Small Claims CourtWe consider when it is right to take a small claim and look at a number of tips to help you succeed.

In last month’s journal we considered the impact of the proposed increase to the small claims regime. One major effect is that it will be more important than ever to have a good understanding of civil litigation. If you have completed the Diploma course, you will be aware of the principles of litigation and this article may be a timely reminder. If you are yet to complete your Diploma, we will outline some top tips to consider when dealing with a potential claim.

The small claims system is designed to be quick, cheap and user-friendly. You can use the county court to claim damages for a wide range of issues. Examples of typical disputes would include debt matters, damage to property, poor workmanship, personal injury or the supply of faulty goods, to name but a few. The question is not usually whether to make a claim but should you do so. 

As a litigator I would be the first to discourage a client from rushing into legal action. This may seem strange, but the court rules very much encourage this approach. Court action should be a last resort. Many (I suspect the majority) of disputes get nowhere near a court. The reason for this is that before you bring a claim you have to take a number of steps, including:

  • Giving a debtor a clear opportunity to pay up before issuing a claim; and
  • Writing a letter confirming how much you are claiming, what you are claiming for, what efforts you have already made, giving warning that you will make a claim and giving a reasonable deadline (usually at least 14 days).*
  • As of April 2012 parties may have to mediate before a final hearing. Mediation is normally an informal process whereby a trained third party (mediator) helps to clear up misunderstandings, highlight concerns and help the parties reach a resolution.

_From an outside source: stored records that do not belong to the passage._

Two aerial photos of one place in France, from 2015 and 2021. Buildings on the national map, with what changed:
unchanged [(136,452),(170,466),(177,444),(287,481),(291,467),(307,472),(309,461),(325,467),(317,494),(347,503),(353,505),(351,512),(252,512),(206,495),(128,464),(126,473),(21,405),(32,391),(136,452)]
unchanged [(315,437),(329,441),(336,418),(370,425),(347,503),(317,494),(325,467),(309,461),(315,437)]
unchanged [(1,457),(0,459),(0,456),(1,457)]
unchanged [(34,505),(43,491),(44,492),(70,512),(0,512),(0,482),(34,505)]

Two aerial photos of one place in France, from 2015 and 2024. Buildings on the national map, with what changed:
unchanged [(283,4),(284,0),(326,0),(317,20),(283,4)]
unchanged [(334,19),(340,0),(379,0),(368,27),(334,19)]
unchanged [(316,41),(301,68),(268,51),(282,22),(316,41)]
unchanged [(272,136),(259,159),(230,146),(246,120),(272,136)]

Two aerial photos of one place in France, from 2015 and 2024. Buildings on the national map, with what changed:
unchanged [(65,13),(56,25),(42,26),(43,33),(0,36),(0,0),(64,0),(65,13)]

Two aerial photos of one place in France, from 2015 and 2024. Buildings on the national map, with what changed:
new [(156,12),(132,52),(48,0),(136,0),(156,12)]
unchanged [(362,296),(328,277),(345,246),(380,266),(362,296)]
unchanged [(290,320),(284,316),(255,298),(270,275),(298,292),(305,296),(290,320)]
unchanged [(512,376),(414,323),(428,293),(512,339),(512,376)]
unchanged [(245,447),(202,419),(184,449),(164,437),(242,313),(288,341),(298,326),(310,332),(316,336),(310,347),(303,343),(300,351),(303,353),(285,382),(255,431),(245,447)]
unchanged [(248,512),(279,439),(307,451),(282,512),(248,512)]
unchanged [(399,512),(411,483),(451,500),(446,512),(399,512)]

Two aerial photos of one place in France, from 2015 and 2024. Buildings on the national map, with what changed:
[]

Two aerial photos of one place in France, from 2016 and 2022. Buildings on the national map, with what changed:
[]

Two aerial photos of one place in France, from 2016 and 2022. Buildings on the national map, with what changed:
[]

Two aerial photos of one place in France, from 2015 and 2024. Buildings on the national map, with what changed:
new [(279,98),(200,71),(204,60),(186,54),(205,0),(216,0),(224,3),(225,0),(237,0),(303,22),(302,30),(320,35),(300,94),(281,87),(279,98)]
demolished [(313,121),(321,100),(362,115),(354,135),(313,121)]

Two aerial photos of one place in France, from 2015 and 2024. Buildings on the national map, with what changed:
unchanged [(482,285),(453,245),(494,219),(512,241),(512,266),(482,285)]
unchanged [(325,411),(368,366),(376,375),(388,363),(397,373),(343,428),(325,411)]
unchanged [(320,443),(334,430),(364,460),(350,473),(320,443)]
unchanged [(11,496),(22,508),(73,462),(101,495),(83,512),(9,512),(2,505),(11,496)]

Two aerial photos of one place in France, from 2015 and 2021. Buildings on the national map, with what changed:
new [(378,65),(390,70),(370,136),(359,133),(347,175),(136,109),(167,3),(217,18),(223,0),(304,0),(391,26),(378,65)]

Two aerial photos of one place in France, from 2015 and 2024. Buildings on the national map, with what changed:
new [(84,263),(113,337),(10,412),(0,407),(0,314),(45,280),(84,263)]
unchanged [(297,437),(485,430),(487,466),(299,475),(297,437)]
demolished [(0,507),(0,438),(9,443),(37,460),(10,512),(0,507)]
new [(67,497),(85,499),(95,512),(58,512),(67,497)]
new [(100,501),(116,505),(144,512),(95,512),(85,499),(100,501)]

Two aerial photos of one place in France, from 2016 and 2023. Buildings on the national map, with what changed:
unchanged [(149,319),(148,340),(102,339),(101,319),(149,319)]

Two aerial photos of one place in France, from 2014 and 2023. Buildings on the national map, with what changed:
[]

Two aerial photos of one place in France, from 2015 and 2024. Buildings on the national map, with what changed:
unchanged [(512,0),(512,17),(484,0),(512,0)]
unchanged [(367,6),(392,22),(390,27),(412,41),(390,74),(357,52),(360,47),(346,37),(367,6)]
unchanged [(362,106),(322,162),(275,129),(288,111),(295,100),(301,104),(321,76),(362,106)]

All of these steps are designed to help the parties avoid full-blown litigation, and there are a lot of reasons why this is a good idea.

One reason can be that the person or company you want to sue cannot pay. This may happen if they are being made bankrupt, are unemployed or have existing county court judgments against them. With these types of defendants, any type of legal action is likely to be pointless. Assuming the defendant does not fall into this category, you have defendants that will not pay. These types of defendants may lose the case, but even with a judgment against them, you may have to force them to pay by taking further legal action (known as enforcement action). If enforcement is necessary, then it will add cost and time. If legal action is necessary, then it may take a considerable amount of time to obtain judgment, so you have to be prepared for the long haul. Perhaps most importantly, there is the cost of pursuing an action through the courts. We considered in an earlier journal article, Changes Afoot for Small Claims, that legal costs in small claims can easily exceed the amount in dispute. Bearing all this in mind, we have listed several tips on how to approach a potential claim that all, whether they are lawyers or laymen, should follow.

How to approach a potential claim:

  • Make sure everything is in writing. File letters and keep notes.
  • Give the other side 30 days’ written notice of your intention.
  • Be sure of your legal grounds. It is not advisable to bring an action if you are fairly uncertain of success. If you keep bringing unreasonable claims, you may find yourself deemed a “vexatious litigant” and effectively barred from bringing further claims.
  • Never threaten what you cannot or do not intend to do. If you threaten to file a claim, be prepared to do so. If you have given a 30-day warning, show you mean business by starting action immediately after the warning expires.
  • Keep records of all costs incurred. You can claim back some costs even in small claims, and in exceptional circumstances you can claim some compensation for your time.
  • If you are not sure on a point of procedure, you can ask the court staff, but bear in mind that they cannot advise you on legal matters.

If you follow this approach, then you will be better organised and more capable of negotiating a settlement with a potential defendant, and if all else fails and a claim must be issued, then you will have complied with the rules of the court.

* If you have completed the Litigation module of the Diploma course, you will already have an example of a letter before action which you can adapt to suit your own needs.